Mais l’expérience n’est pas le seul critère qui guide les choix des présidents désignés démocrates. En fait, ceux-ci doivent tenir compte de données qui semblent moins importantes aux yeux des républicains placés dans la même situation qu’eux.

« En raison de l’ampleur de leur coalition, les démocrates sont plus susceptibles d’être intéressés à la question de la diversité », explique Martha Kumar, dont l’organisation non partisane conseille depuis 1997 les présidents désignés et leur équipe sur tous les aspects d’une transition. « Cette diversité couvre un large éventail, dont l’ethnicité, l’idéologie et le genre. »

Mercredi dernier, en présentant Pete Buttigieg, son choix pour occuper le poste de secrétaire aux Transports, Joe Biden s’est targué d’assembler le cabinet « le plus représentatif de tous les cabinets dans l’histoire des États-Unis ».

Nous aurons un cabinet d’abatteurs de barrières, un cabinet de premières.

Joe Biden, mercredi dernier

Sur ce plan, Joe Biden ne peut être contredit. À la fin de la semaine dernière, il avait confié au moins 10 des postes les plus importants de son administration à des femmes et 11 à des personnes de couleur.

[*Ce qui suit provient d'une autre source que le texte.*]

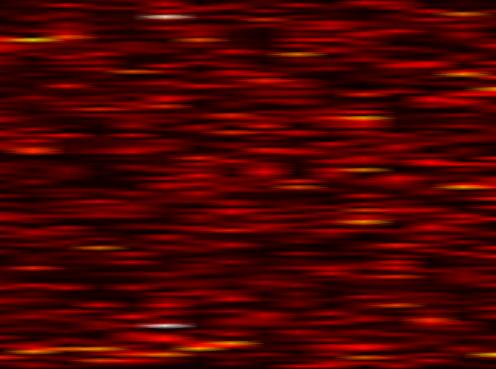
Label: FOFDM

Si le Sénat confirme ses choix, les États-Unis auront ainsi un premier Noir à la tête du Pentagone (Lloyd Austin), une première femme à la tête du département du Trésor (Janet Yellen), une première personne ouvertement homosexuelle au sein d’un cabinet présidentiel (Pete Buttigieg), un premier Hispanique et un premier immigré à la tête du département de la Sécurité intérieure (Alejandro Mayorkas), un premier Noir à la tête de l’Agence de protection de l’environnement (Michael Regan) et une première Autochtone au sein d’un cabinet présidentiel (la représentante du Nouveau-Mexique Deb Haaland, nommée au poste de secrétaire à l’Intérieur).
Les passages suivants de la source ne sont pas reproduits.